= Beginning of Section =

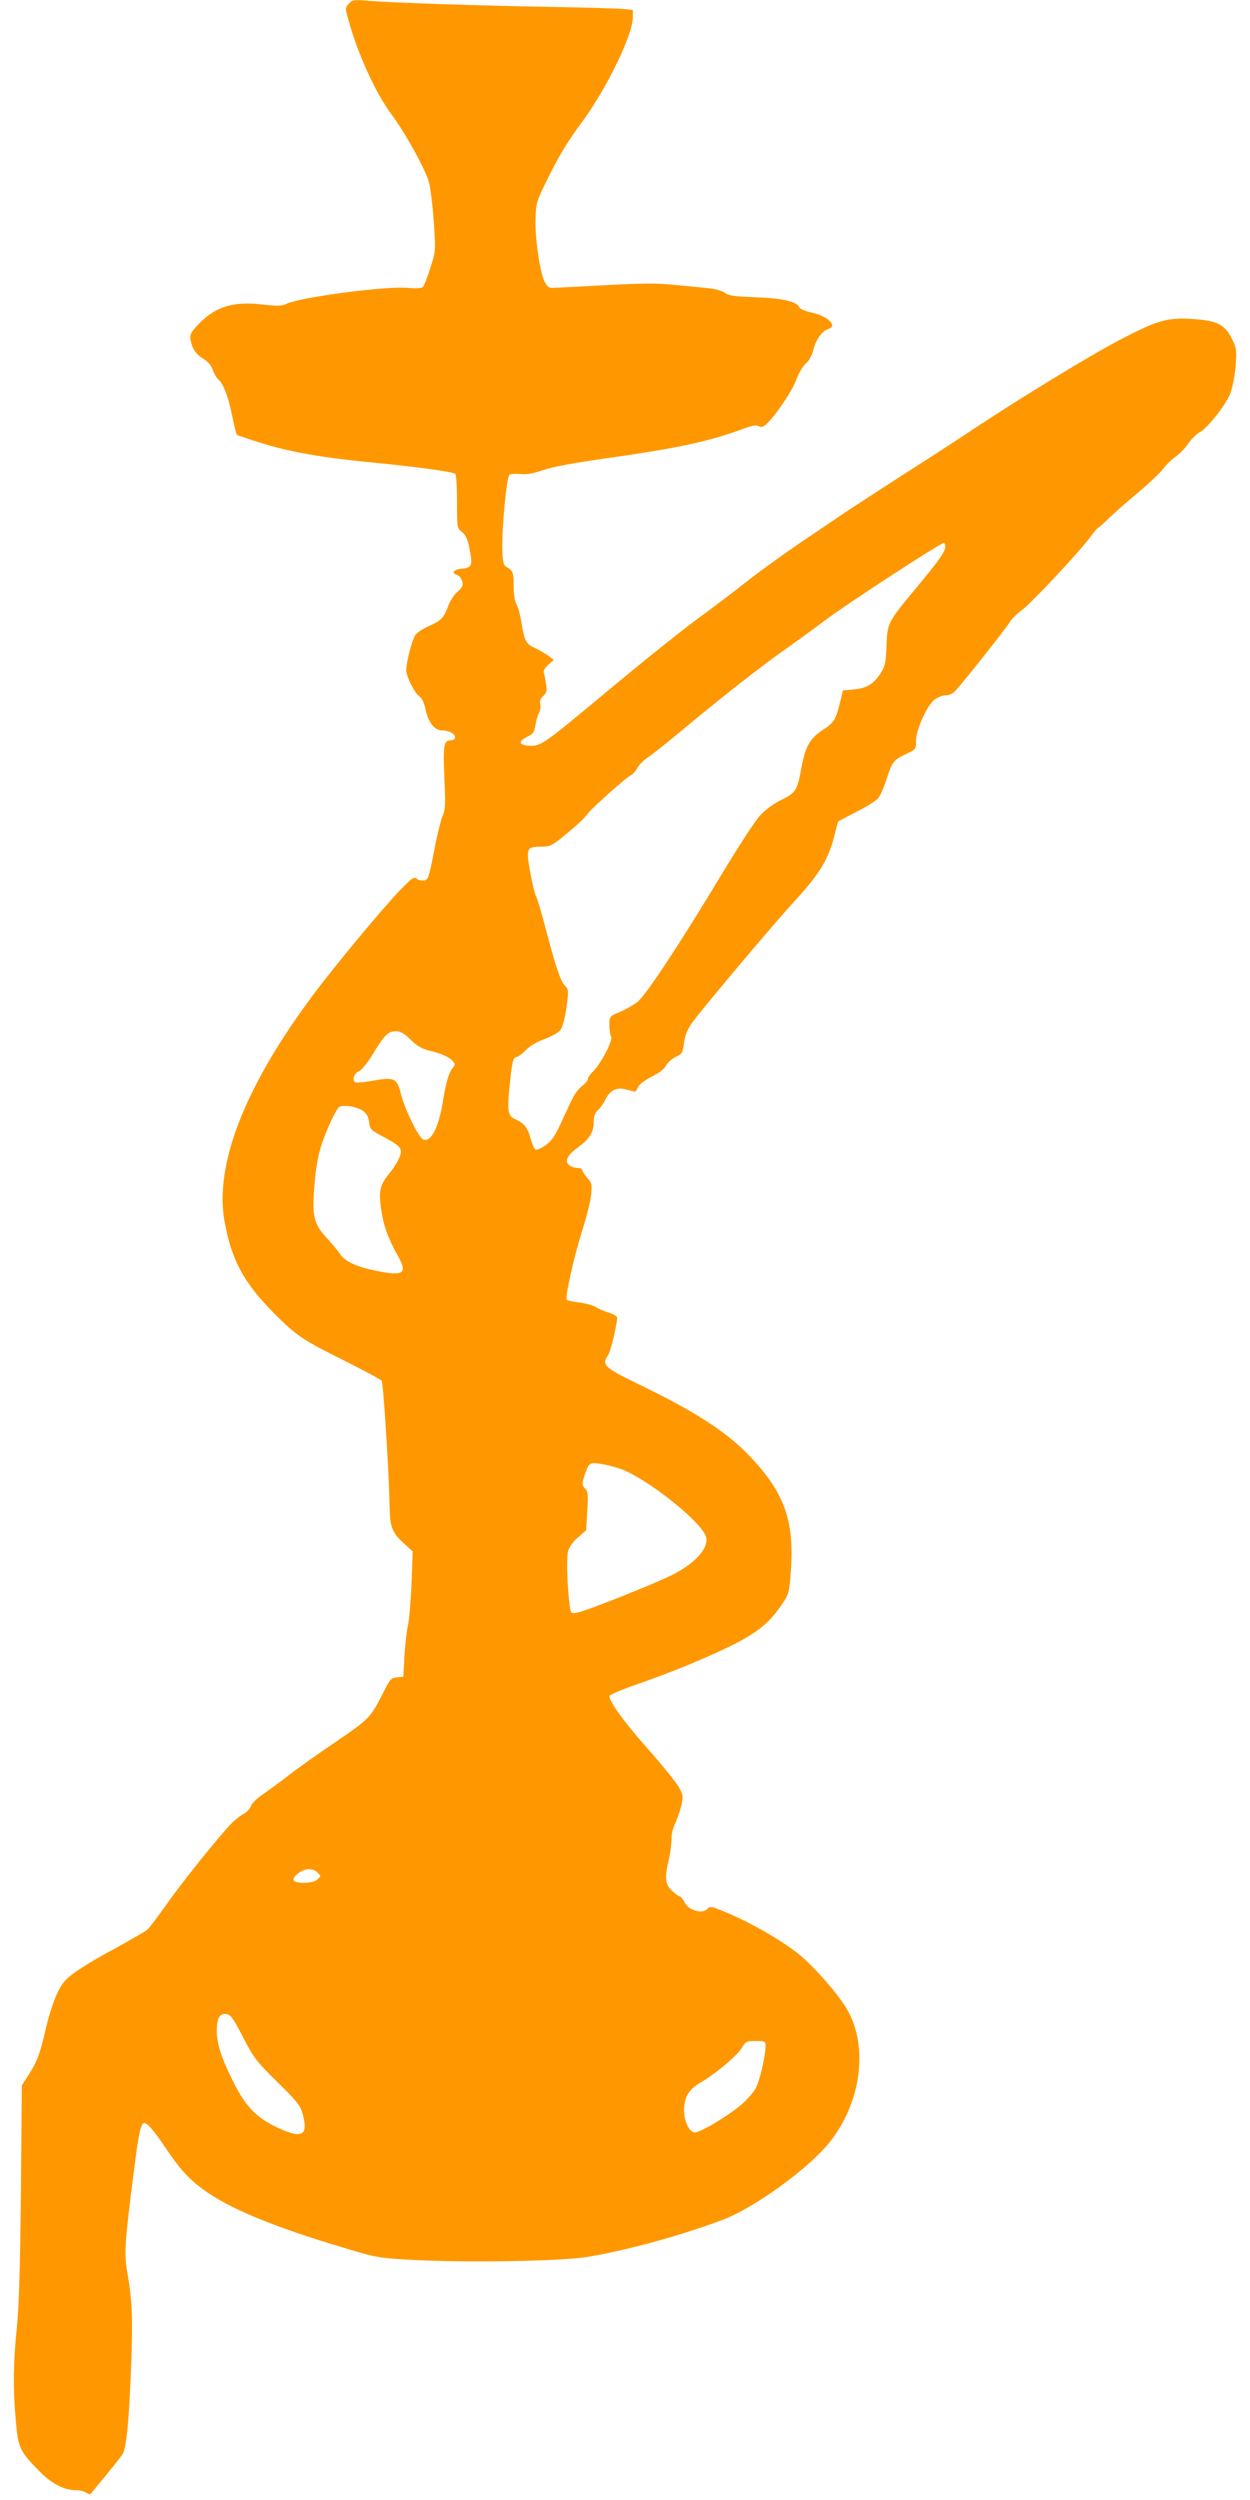 <?xml version="1.0" standalone="no"?>
<!DOCTYPE svg PUBLIC "-//W3C//DTD SVG 20010904//EN"
 "http://www.w3.org/TR/2001/REC-SVG-20010904/DTD/svg10.dtd">
<svg version="1.0" xmlns="http://www.w3.org/2000/svg"
 width="640pt" height="1280pt" viewBox="0 0 640 1280"
 preserveAspectRatio="xMidYMid meet">
<g transform="translate(0,1280) scale(0.1,-0.1)"
fill="#ff9800" stroke="none">
<path d="M1786 12781 c-19 -20 -19 -23 -2 -83 49 -178 139 -374 220 -483 70
-94 175 -283 192 -348 8 -28 19 -119 25 -202 10 -150 10 -150 -17 -235 -15
-47 -32 -91 -37 -97 -6 -9 -30 -11 -81 -7 -115 10 -550 -48 -620 -82 -24 -11
-45 -12 -123 -3 -153 18 -248 -13 -337 -112 -30 -33 -35 -44 -30 -71 9 -46 27
-72 68 -97 21 -13 39 -35 46 -56 6 -18 18 -39 27 -47 26 -21 52 -89 72 -188
10 -50 21 -93 24 -96 3 -3 61 -23 130 -44 150 -46 304 -73 582 -100 206 -20
389 -45 406 -56 5 -3 9 -67 9 -142 0 -135 0 -136 26 -157 20 -16 29 -37 39
-90 16 -81 10 -92 -42 -97 -40 -3 -55 -23 -24 -31 11 -3 23 -17 27 -32 6 -23
2 -33 -23 -54 -17 -14 -38 -46 -47 -71 -24 -64 -36 -77 -99 -105 -31 -13 -63
-35 -71 -47 -17 -28 -46 -138 -46 -178 0 -35 42 -118 69 -137 12 -8 24 -35 31
-70 14 -64 46 -103 85 -103 34 0 65 -17 65 -35 0 -8 -8 -15 -19 -15 -39 0 -43
-21 -36 -190 7 -139 5 -166 -9 -198 -9 -20 -29 -102 -44 -182 -26 -133 -30
-145 -51 -148 -12 -2 -29 2 -38 9 -13 12 -25 3 -87 -61 -96 -101 -342 -397
-451 -545 -345 -465 -498 -862 -445 -1151 36 -196 98 -311 251 -466 118 -118
147 -138 367 -247 99 -50 183 -95 186 -100 9 -13 37 -466 40 -616 2 -136 9
-157 76 -219 l43 -40 -6 -165 c-4 -91 -12 -186 -18 -211 -6 -25 -14 -94 -18
-155 l-6 -110 -33 -3 c-29 -3 -36 -10 -68 -75 -67 -132 -74 -139 -246 -256
-90 -61 -194 -135 -233 -165 -38 -30 -98 -74 -132 -98 -36 -24 -66 -53 -69
-66 -4 -12 -19 -29 -35 -38 -16 -8 -43 -29 -61 -47 -59 -59 -252 -299 -335
-417 -45 -63 -89 -122 -100 -131 -10 -8 -79 -48 -153 -89 -147 -79 -233 -134
-267 -171 -35 -38 -70 -126 -98 -244 -30 -131 -45 -170 -89 -239 l-34 -52 -5
-550 c-4 -392 -10 -590 -21 -694 -18 -171 -20 -310 -5 -475 12 -138 19 -155
122 -259 63 -64 126 -96 189 -96 16 0 37 -5 48 -12 10 -7 21 -10 23 -8 115
139 158 193 166 207 18 35 31 163 41 414 11 273 8 362 -17 507 -18 104 -16
148 33 529 24 193 35 243 53 243 16 0 48 -38 104 -120 76 -114 121 -164 196
-219 130 -97 362 -193 726 -301 168 -51 170 -51 375 -62 271 -13 733 -5 865
16 200 33 486 111 699 192 163 63 437 262 544 396 166 209 201 504 81 693 -51
81 -165 209 -237 268 -99 79 -263 172 -402 227 -50 20 -54 20 -71 4 -28 -25
-93 -4 -114 36 -9 17 -19 30 -24 30 -5 0 -23 13 -40 29 -36 34 -39 64 -16 164
8 36 14 82 13 103 0 22 7 55 17 74 10 19 24 60 32 90 12 51 11 58 -10 97 -12
24 -82 111 -156 194 -123 139 -201 245 -201 275 0 6 62 33 138 59 75 26 189
69 252 95 326 136 405 187 491 312 38 56 40 61 48 174 19 256 -32 400 -208
586 -114 121 -270 223 -533 352 -222 108 -229 114 -194 169 13 19 46 159 46
191 0 7 -19 18 -42 25 -24 7 -54 20 -68 29 -14 9 -51 19 -83 23 -32 4 -61 10
-65 14 -10 10 35 214 77 348 22 68 43 151 47 185 6 57 5 64 -20 92 -14 17 -26
36 -26 41 0 5 -10 9 -23 9 -13 0 -31 6 -41 13 -28 20 -12 53 45 94 58 41 79
77 79 131 0 27 7 45 21 58 12 10 30 36 40 57 25 48 60 63 112 47 22 -6 40 -10
42 -8 1 2 8 13 14 26 7 12 38 35 69 50 35 17 62 38 72 56 8 15 31 36 50 45 32
15 36 21 42 70 4 37 16 68 42 105 39 56 417 506 516 613 136 148 179 218 211
340 10 42 20 77 22 78 1 1 43 23 93 49 50 25 100 56 110 69 11 12 30 56 43 97
28 89 36 99 101 130 49 23 50 24 50 67 0 56 56 181 95 211 15 12 41 22 58 22
19 0 37 9 53 28 52 58 253 313 273 345 11 18 40 47 64 64 47 34 296 300 349
373 18 25 37 47 42 49 5 2 31 25 56 50 26 25 93 84 149 131 56 47 113 101 127
120 13 19 41 46 61 60 21 14 51 45 66 68 16 23 41 49 57 57 42 22 138 143 160
203 11 30 23 93 27 141 5 80 4 90 -21 139 -36 72 -79 92 -205 99 -125 7 -174
-7 -356 -101 -148 -76 -519 -302 -772 -470 -83 -56 -240 -157 -348 -226 -107
-69 -237 -153 -288 -187 -51 -34 -162 -110 -247 -167 -85 -58 -207 -146 -270
-196 -63 -50 -151 -116 -194 -148 -119 -86 -305 -234 -566 -452 -279 -232
-294 -242 -352 -238 -53 4 -56 22 -8 46 29 14 36 24 41 57 3 22 11 51 18 63 7
13 10 34 7 47 -4 15 1 28 15 41 17 15 20 27 15 59 -3 23 -8 48 -11 58 -5 11 3
25 21 42 l29 26 -25 20 c-14 10 -44 28 -67 39 -51 24 -57 35 -73 130 -6 41
-18 85 -26 97 -8 13 -14 49 -14 90 0 72 -4 82 -35 99 -17 9 -20 23 -23 85 -4
107 22 379 37 389 7 4 32 5 55 3 30 -4 65 2 117 20 48 17 164 38 334 62 354
50 520 86 689 149 45 17 67 21 80 14 13 -7 23 -5 38 9 45 39 135 172 156 231
13 34 34 70 48 81 16 13 31 40 39 72 14 53 44 94 77 105 49 15 -5 67 -88 84
-31 7 -58 18 -60 25 -12 31 -87 48 -224 53 -110 4 -139 8 -158 22 -12 10 -47
20 -80 24 -31 3 -110 11 -174 17 -93 10 -167 9 -355 -1 -131 -7 -251 -13 -268
-14 -25 -1 -33 5 -48 35 -24 50 -49 228 -45 325 3 79 6 87 75 225 47 95 101
182 157 256 126 168 266 453 266 543 l0 39 -52 5 c-29 3 -204 8 -388 11 -376
7 -795 21 -915 31 -74 6 -82 5 -99 -15z m3054 -2780 c0 -25 -34 -73 -144 -205
-152 -183 -153 -185 -157 -302 -4 -90 -7 -105 -31 -142 -37 -56 -71 -76 -137
-82 l-55 -5 -16 -65 c-21 -86 -29 -99 -91 -140 -64 -43 -85 -82 -106 -192 -21
-116 -28 -127 -104 -164 -42 -21 -82 -51 -110 -82 -24 -27 -116 -168 -203
-313 -201 -334 -374 -597 -419 -636 -19 -16 -60 -40 -91 -53 -56 -24 -56 -24
-56 -67 0 -25 4 -52 9 -61 10 -20 -54 -142 -95 -180 -13 -13 -24 -29 -24 -37
0 -7 -13 -23 -29 -35 -17 -11 -41 -44 -54 -73 -14 -28 -41 -87 -61 -130 -28
-59 -46 -83 -76 -103 -21 -14 -43 -23 -49 -20 -5 4 -17 30 -25 59 -16 56 -32
76 -81 98 -37 17 -40 47 -22 204 10 95 15 110 31 113 11 2 33 19 50 37 18 19
57 42 94 55 35 13 71 33 81 46 11 14 23 58 31 114 12 87 12 92 -7 113 -24 25
-47 95 -99 292 -20 77 -42 151 -49 165 -7 14 -21 71 -31 128 -21 120 -18 126
56 127 45 0 56 5 111 50 77 63 111 95 129 120 21 28 190 179 217 194 13 6 29
24 37 40 8 15 32 39 53 53 22 14 100 77 175 139 176 148 421 340 528 414 47
33 138 99 203 148 113 85 592 397 609 397 4 0 8 -8 8 -19z m-2737 -2525 c34
-33 57 -46 98 -56 62 -15 100 -32 119 -55 11 -13 10 -18 -2 -33 -19 -22 -33
-68 -48 -157 -23 -148 -62 -225 -104 -209 -22 9 -92 151 -112 228 -22 87 -32
92 -144 73 -47 -9 -89 -12 -93 -7 -15 14 -3 45 21 55 13 6 44 44 69 85 61 101
80 120 119 120 25 0 43 -10 77 -44z m-243 -365 c17 -12 27 -31 30 -57 5 -37 9
-41 74 -75 90 -48 100 -61 80 -107 -8 -20 -30 -55 -50 -79 -48 -58 -56 -90
-43 -181 12 -85 34 -148 85 -240 53 -94 32 -108 -117 -77 -99 21 -152 46 -179
86 -13 19 -45 57 -71 85 -63 68 -73 113 -58 277 6 78 19 148 35 195 24 73 66
165 87 191 15 18 94 7 127 -18z m1315 -1831 c131 -45 411 -266 439 -346 19
-56 -52 -137 -171 -197 -91 -46 -446 -187 -488 -194 -33 -5 -33 -5 -39 43 -13
114 -16 241 -7 274 6 20 28 50 52 70 l40 35 6 98 c5 84 4 100 -12 116 -15 17
-15 25 -5 58 24 74 27 76 80 69 27 -4 74 -15 105 -26z m-1551 -2066 c9 -8 16
-17 16 -19 0 -2 -7 -11 -16 -19 -18 -19 -109 -22 -120 -4 -11 17 43 58 76 58
16 0 36 -7 44 -16z m-380 -844 c55 -106 68 -124 176 -230 98 -96 119 -122 129
-161 31 -112 0 -131 -122 -75 -112 51 -168 108 -232 236 -62 123 -85 195 -85
262 0 65 14 90 48 86 23 -3 35 -19 86 -118z m2676 -44 c0 -48 -29 -175 -49
-214 -11 -22 -43 -60 -72 -85 -67 -58 -218 -149 -244 -145 -31 5 -58 72 -52
131 5 60 29 93 93 130 74 44 180 134 203 173 19 32 24 34 71 34 46 0 50 -2 50
-24z"/>
</g>
</svg>

= End of Section =

■ **Required work**: Your answer must consist solely of the lines above between the line holding "107 22 379 37" and the line holding "165 87 191 15", inclusive, copied exactly.

■ **Solution**:
107 22 379 37 389 7 4 32 5 55 3 30 -4 65 2 117 20 48 17 164 38 334 62 354
50 520 86 689 149 45 17 67 21 80 14 13 -7 23 -5 38 9 45 39 135 172 156 231
13 34 34 70 48 81 16 13 31 40 39 72 14 53 44 94 77 105 49 15 -5 67 -88 84
-31 7 -58 18 -60 25 -12 31 -87 48 -224 53 -110 4 -139 8 -158 22 -12 10 -47
20 -80 24 -31 3 -110 11 -174 17 -93 10 -167 9 -355 -1 -131 -7 -251 -13 -268
-14 -25 -1 -33 5 -48 35 -24 50 -49 228 -45 325 3 79 6 87 75 225 47 95 101
182 157 256 126 168 266 453 266 543 l0 39 -52 5 c-29 3 -204 8 -388 11 -376
7 -795 21 -915 31 -74 6 -82 5 -99 -15z m3054 -2780 c0 -25 -34 -73 -144 -205
-152 -183 -153 -185 -157 -302 -4 -90 -7 -105 -31 -142 -37 -56 -71 -76 -137
-82 l-55 -5 -16 -65 c-21 -86 -29 -99 -91 -140 -64 -43 -85 -82 -106 -192 -21
-116 -28 -127 -104 -164 -42 -21 -82 -51 -110 -82 -24 -27 -116 -168 -203
-313 -201 -334 -374 -597 -419 -636 -19 -16 -60 -40 -91 -53 -56 -24 -56 -24
-56 -67 0 -25 4 -52 9 -61 10 -20 -54 -142 -95 -180 -13 -13 -24 -29 -24 -37
0 -7 -13 -23 -29 -35 -17 -11 -41 -44 -54 -73 -14 -28 -41 -87 -61 -130 -28
-59 -46 -83 -76 -103 -21 -14 -43 -23 -49 -20 -5 4 -17 30 -25 59 -16 56 -32
76 -81 98 -37 17 -40 47 -22 204 10 95 15 110 31 113 11 2 33 19 50 37 18 19
57 42 94 55 35 13 71 33 81 46 11 14 23 58 31 114 12 87 12 92 -7 113 -24 25
-47 95 -99 292 -20 77 -42 151 -49 165 -7 14 -21 71 -31 128 -21 120 -18 126
56 127 45 0 56 5 111 50 77 63 111 95 129 120 21 28 190 179 217 194 13 6 29
24 37 40 8 15 32 39 53 53 22 14 100 77 175 139 176 148 421 340 528 414 47
33 138 99 203 148 113 85 592 397 609 397 4 0 8 -8 8 -19z m-2737 -2525 c34
-33 57 -46 98 -56 62 -15 100 -32 119 -55 11 -13 10 -18 -2 -33 -19 -22 -33
-68 -48 -157 -23 -148 -62 -225 -104 -209 -22 9 -92 151 -112 228 -22 87 -32
92 -144 73 -47 -9 -89 -12 -93 -7 -15 14 -3 45 21 55 13 6 44 44 69 85 61 101
80 120 119 120 25 0 43 -10 77 -44z m-243 -365 c17 -12 27 -31 30 -57 5 -37 9
-41 74 -75 90 -48 100 -61 80 -107 -8 -20 -30 -55 -50 -79 -48 -58 -56 -90
-43 -181 12 -85 34 -148 85 -240 53 -94 32 -108 -117 -77 -99 21 -152 46 -179
86 -13 19 -45 57 -71 85 -63 68 -73 113 -58 277 6 78 19 148 35 195 24 73 66
165 87 191 15 18 94 7 127 -18z m1315 -1831 c131 -45 411 -266 439 -346 19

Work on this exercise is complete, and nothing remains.